> _MATERIAL FOR THIS TASK_
━━━
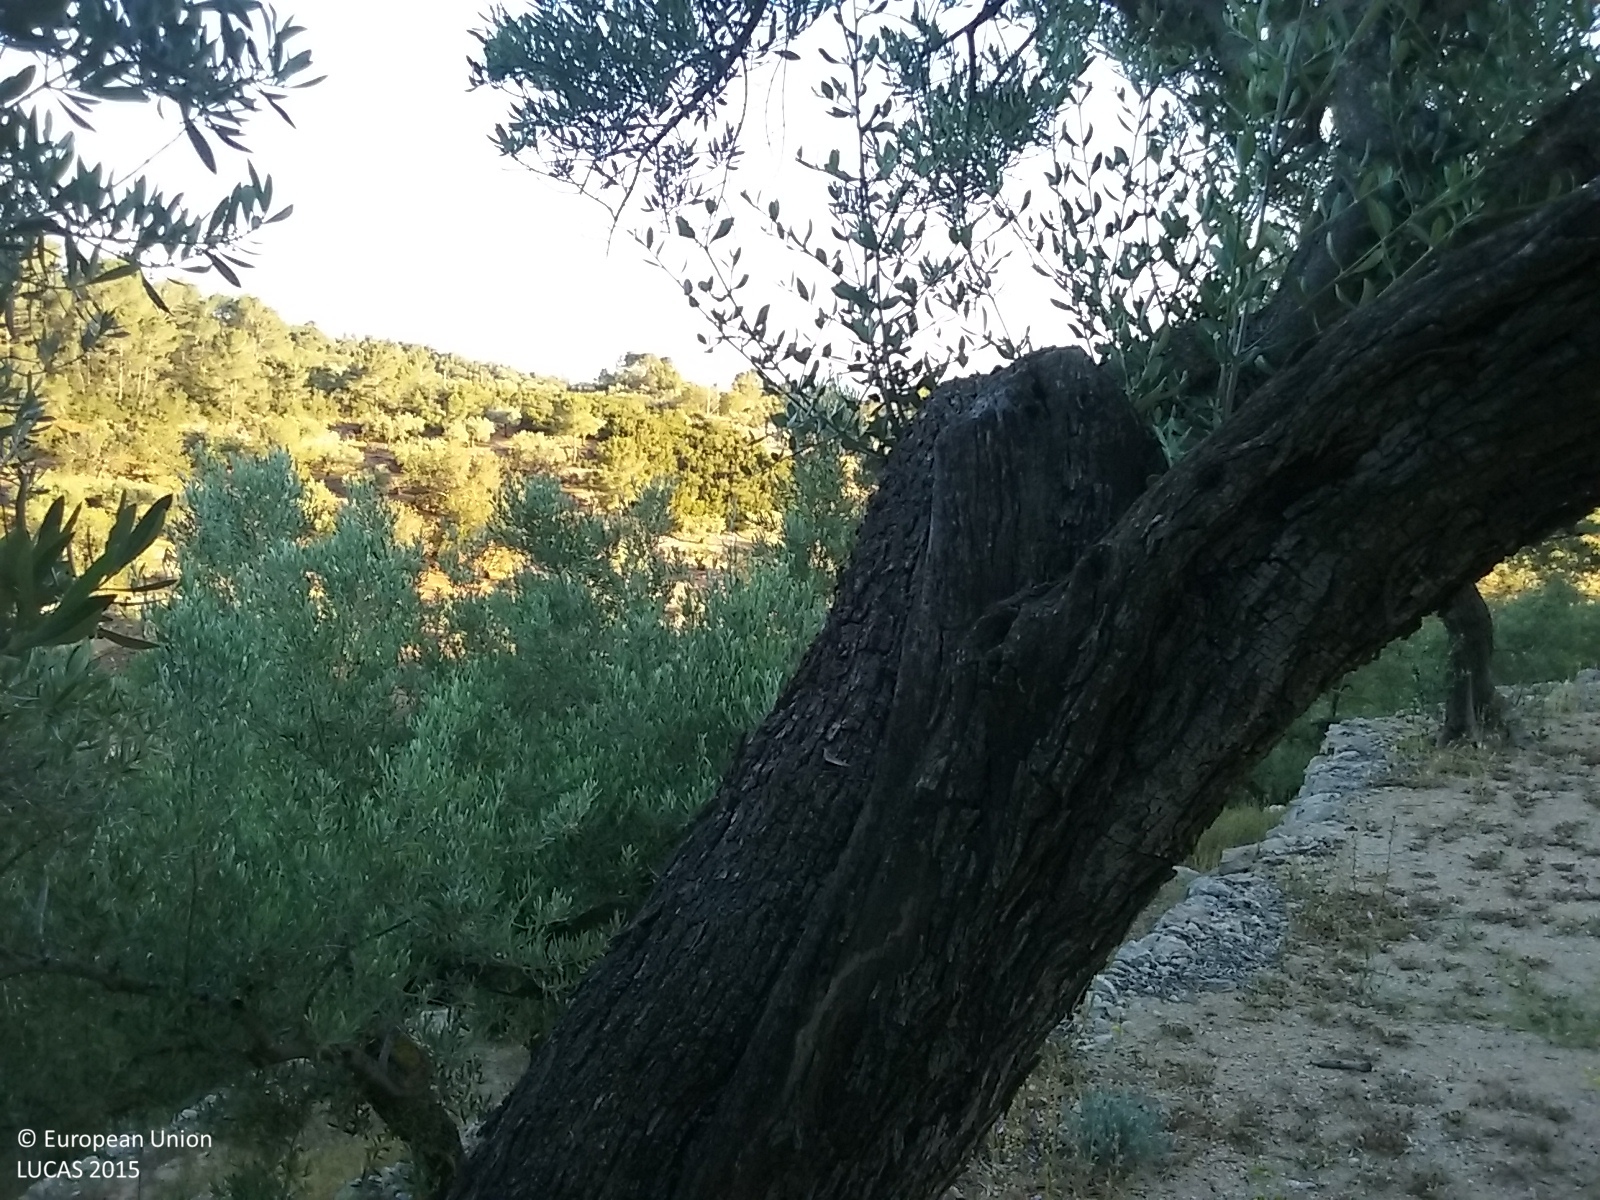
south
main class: Cropland
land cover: Olive groves
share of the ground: 25 - 50 %
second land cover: Spontaneously vegetated surfaces
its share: 10 - 25 %
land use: Agriculture (excluding fallow land and kitchen gardens)
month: May
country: ES
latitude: 40.7929
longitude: 0.5485
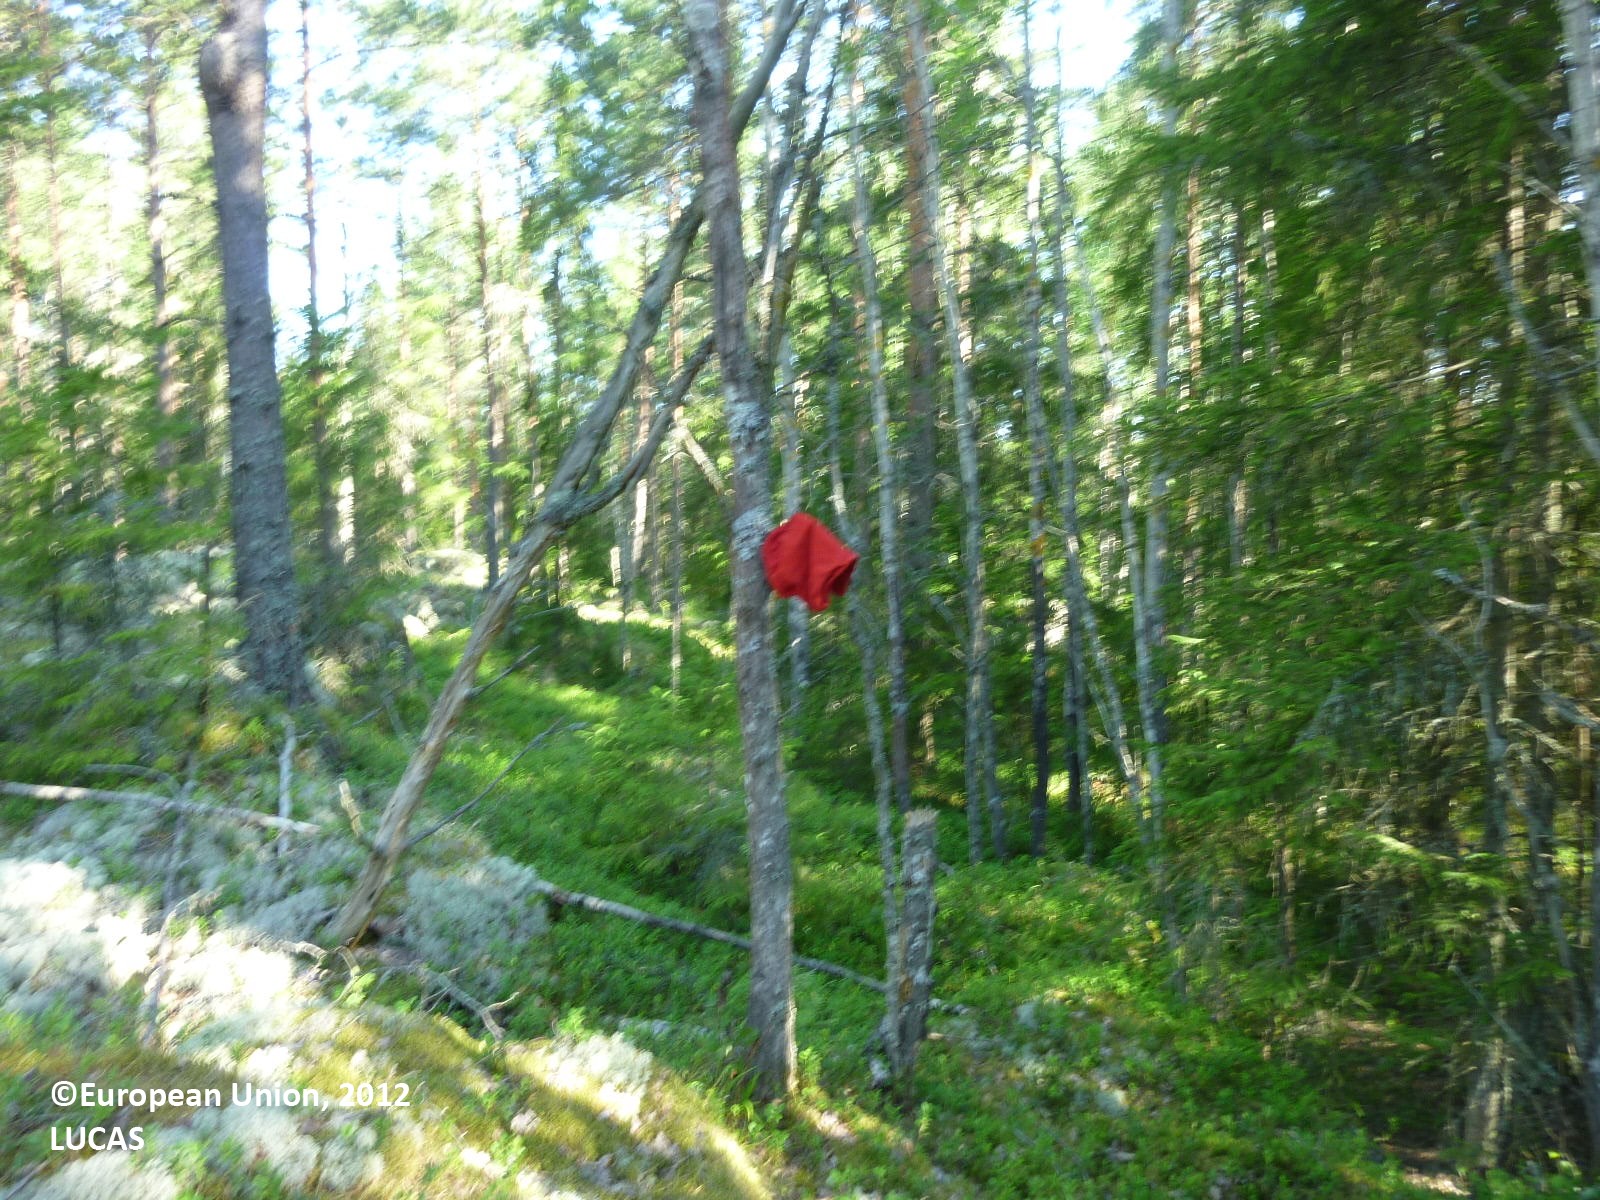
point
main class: Woodland
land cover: Pine dominated mixed woodland
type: boreal forest
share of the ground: 25 - 50 %
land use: Forestry
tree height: > 5 m
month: July
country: FI
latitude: 61.1680
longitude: 22.5773
━━━
> _TASK ITEM_
Please retype only the lines from the line that holds "latitude: 40.7929" through the end of the records, exactly as they stand, and drop every picture.

> _ANSWER BOX_
latitude: 40.7929
longitude: 0.5485
point
main class: Woodland
land cover: Pine dominated mixed woodland
type: boreal forest
share of the ground: 25 - 50 %
land use: Forestry
tree height: > 5 m
month: July
country: FI
latitude: 61.1680
longitude: 22.5773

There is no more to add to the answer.